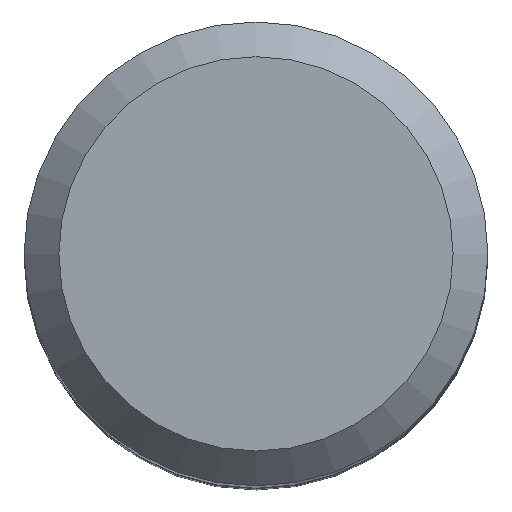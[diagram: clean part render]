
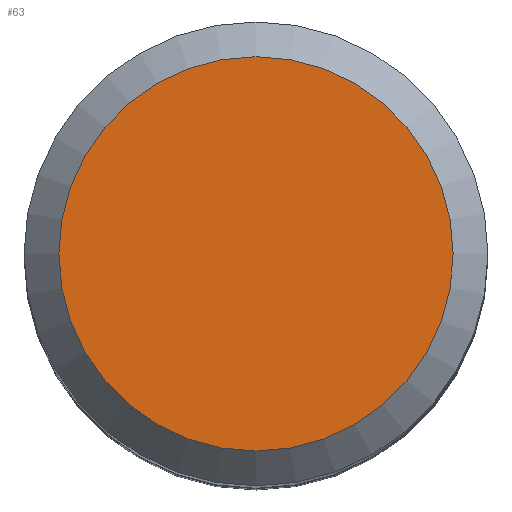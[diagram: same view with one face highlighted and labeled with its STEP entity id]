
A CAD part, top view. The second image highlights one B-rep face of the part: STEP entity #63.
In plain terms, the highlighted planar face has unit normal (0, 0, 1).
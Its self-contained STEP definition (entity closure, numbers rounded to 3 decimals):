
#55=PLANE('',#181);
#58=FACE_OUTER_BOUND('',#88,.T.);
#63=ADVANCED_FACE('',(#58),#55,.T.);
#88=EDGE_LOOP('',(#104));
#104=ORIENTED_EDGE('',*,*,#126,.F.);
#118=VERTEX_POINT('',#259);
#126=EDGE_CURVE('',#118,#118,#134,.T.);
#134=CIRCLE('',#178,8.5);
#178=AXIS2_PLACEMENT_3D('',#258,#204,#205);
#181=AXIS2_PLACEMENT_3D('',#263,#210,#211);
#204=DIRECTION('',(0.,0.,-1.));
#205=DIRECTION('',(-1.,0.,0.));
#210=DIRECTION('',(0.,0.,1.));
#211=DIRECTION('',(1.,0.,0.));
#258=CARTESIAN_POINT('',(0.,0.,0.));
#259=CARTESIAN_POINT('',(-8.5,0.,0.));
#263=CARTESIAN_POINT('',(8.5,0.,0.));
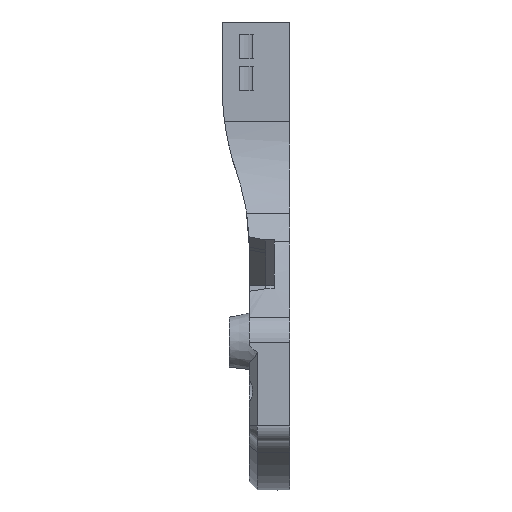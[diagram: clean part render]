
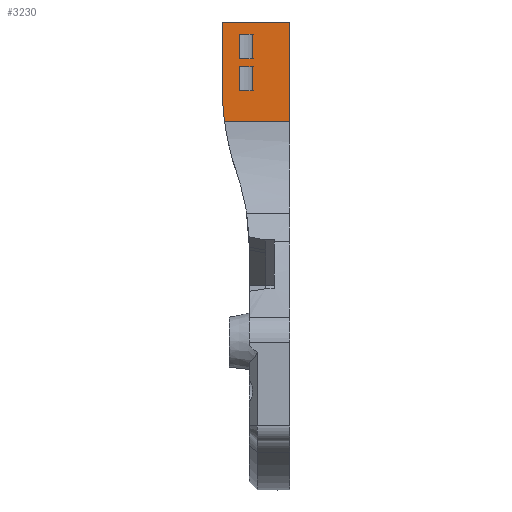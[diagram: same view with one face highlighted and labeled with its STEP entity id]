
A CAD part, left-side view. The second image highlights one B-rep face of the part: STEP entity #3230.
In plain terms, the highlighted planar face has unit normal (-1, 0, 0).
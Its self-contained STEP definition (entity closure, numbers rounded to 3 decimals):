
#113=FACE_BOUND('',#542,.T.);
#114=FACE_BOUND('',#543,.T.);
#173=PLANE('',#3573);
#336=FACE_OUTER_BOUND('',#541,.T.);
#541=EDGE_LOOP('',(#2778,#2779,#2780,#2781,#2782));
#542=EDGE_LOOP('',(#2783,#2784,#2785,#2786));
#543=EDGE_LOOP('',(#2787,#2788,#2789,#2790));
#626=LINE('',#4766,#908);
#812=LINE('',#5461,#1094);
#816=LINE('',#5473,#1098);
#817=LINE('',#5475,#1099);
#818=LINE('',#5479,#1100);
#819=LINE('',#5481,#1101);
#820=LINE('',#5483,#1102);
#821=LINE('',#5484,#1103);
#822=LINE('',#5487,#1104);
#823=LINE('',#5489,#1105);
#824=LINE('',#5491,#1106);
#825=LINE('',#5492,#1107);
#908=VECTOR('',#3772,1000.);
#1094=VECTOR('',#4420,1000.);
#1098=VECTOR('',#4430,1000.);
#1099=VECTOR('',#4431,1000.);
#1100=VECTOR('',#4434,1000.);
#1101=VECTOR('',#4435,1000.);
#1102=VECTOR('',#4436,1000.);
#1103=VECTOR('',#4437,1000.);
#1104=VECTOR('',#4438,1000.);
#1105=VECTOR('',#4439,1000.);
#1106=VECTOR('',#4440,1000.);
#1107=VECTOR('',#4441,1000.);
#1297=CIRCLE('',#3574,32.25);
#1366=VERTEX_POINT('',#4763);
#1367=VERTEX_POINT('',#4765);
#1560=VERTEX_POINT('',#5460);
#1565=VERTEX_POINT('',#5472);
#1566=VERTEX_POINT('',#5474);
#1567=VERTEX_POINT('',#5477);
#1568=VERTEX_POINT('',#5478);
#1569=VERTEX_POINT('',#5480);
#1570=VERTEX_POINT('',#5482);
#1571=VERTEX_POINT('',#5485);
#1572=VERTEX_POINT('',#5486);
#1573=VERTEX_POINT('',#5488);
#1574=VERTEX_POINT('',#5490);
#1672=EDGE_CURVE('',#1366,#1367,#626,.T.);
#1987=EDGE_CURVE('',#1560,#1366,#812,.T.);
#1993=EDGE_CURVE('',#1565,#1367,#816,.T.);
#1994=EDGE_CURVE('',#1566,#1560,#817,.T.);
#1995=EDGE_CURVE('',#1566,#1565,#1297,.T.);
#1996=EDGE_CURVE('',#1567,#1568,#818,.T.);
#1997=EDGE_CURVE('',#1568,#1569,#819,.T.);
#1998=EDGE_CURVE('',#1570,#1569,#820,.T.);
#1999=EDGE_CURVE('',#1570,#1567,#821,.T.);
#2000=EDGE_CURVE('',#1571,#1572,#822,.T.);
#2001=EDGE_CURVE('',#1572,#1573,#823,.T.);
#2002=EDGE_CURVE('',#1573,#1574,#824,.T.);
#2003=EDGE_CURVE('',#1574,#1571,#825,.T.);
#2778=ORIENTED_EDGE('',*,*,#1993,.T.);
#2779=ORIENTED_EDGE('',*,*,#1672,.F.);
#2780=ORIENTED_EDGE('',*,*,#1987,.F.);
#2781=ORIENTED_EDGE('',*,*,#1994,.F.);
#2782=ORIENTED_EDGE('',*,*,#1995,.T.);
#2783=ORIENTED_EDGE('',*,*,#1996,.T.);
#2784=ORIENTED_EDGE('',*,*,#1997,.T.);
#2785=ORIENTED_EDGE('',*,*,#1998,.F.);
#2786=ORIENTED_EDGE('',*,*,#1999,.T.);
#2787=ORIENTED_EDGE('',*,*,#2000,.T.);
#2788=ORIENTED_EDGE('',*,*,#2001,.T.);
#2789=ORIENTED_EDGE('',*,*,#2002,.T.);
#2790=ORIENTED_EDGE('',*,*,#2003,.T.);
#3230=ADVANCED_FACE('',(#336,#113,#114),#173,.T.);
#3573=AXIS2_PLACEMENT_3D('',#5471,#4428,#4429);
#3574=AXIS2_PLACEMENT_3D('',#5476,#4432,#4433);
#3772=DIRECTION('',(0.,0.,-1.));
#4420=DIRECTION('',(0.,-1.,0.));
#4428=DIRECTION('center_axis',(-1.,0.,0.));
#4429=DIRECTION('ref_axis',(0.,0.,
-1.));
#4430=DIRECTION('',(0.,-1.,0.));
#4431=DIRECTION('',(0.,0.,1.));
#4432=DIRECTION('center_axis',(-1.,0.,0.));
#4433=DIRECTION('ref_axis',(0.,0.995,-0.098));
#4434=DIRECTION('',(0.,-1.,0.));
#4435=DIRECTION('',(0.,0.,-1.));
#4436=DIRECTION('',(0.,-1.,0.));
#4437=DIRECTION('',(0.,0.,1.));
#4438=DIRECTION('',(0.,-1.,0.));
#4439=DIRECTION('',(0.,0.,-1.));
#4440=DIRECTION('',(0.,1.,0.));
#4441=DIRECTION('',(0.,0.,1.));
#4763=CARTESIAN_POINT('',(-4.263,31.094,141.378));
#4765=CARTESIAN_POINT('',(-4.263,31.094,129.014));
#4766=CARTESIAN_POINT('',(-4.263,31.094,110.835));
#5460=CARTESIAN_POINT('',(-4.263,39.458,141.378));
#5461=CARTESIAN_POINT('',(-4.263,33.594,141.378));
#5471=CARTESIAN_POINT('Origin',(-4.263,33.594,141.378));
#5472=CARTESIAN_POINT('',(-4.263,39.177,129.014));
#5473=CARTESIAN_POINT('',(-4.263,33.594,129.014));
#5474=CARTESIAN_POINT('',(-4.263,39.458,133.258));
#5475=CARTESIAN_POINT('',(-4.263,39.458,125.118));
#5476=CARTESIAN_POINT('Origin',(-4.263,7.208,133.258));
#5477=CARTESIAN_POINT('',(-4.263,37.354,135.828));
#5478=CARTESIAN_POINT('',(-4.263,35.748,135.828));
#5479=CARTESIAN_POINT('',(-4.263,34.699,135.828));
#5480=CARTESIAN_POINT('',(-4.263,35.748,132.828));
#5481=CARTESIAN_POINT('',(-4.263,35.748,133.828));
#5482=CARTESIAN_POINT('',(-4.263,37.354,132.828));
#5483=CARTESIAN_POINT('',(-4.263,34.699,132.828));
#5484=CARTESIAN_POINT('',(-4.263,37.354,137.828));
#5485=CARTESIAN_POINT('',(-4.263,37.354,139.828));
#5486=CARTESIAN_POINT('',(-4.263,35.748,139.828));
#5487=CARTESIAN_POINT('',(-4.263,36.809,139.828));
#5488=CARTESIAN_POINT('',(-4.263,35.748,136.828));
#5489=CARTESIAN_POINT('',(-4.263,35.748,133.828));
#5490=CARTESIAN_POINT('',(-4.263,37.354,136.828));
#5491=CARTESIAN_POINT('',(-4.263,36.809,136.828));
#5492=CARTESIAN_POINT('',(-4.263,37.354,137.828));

**AIM OF THE TASK:**
From the line holding "#4765=CARTESIAN_POINT('',(-4.263,31.094,129.014));" to the line holding "#5480=CARTESIAN_POINT('',(-4.263,35.748,132.828));", inclusive, restate each line above exactly as written.

**SOLUTION FOR THIS PROBLEM:**
#4765=CARTESIAN_POINT('',(-4.263,31.094,129.014));
#4766=CARTESIAN_POINT('',(-4.263,31.094,110.835));
#5460=CARTESIAN_POINT('',(-4.263,39.458,141.378));
#5461=CARTESIAN_POINT('',(-4.263,33.594,141.378));
#5471=CARTESIAN_POINT('Origin',(-4.263,33.594,141.378));
#5472=CARTESIAN_POINT('',(-4.263,39.177,129.014));
#5473=CARTESIAN_POINT('',(-4.263,33.594,129.014));
#5474=CARTESIAN_POINT('',(-4.263,39.458,133.258));
#5475=CARTESIAN_POINT('',(-4.263,39.458,125.118));
#5476=CARTESIAN_POINT('Origin',(-4.263,7.208,133.258));
#5477=CARTESIAN_POINT('',(-4.263,37.354,135.828));
#5478=CARTESIAN_POINT('',(-4.263,35.748,135.828));
#5479=CARTESIAN_POINT('',(-4.263,34.699,135.828));
#5480=CARTESIAN_POINT('',(-4.263,35.748,132.828));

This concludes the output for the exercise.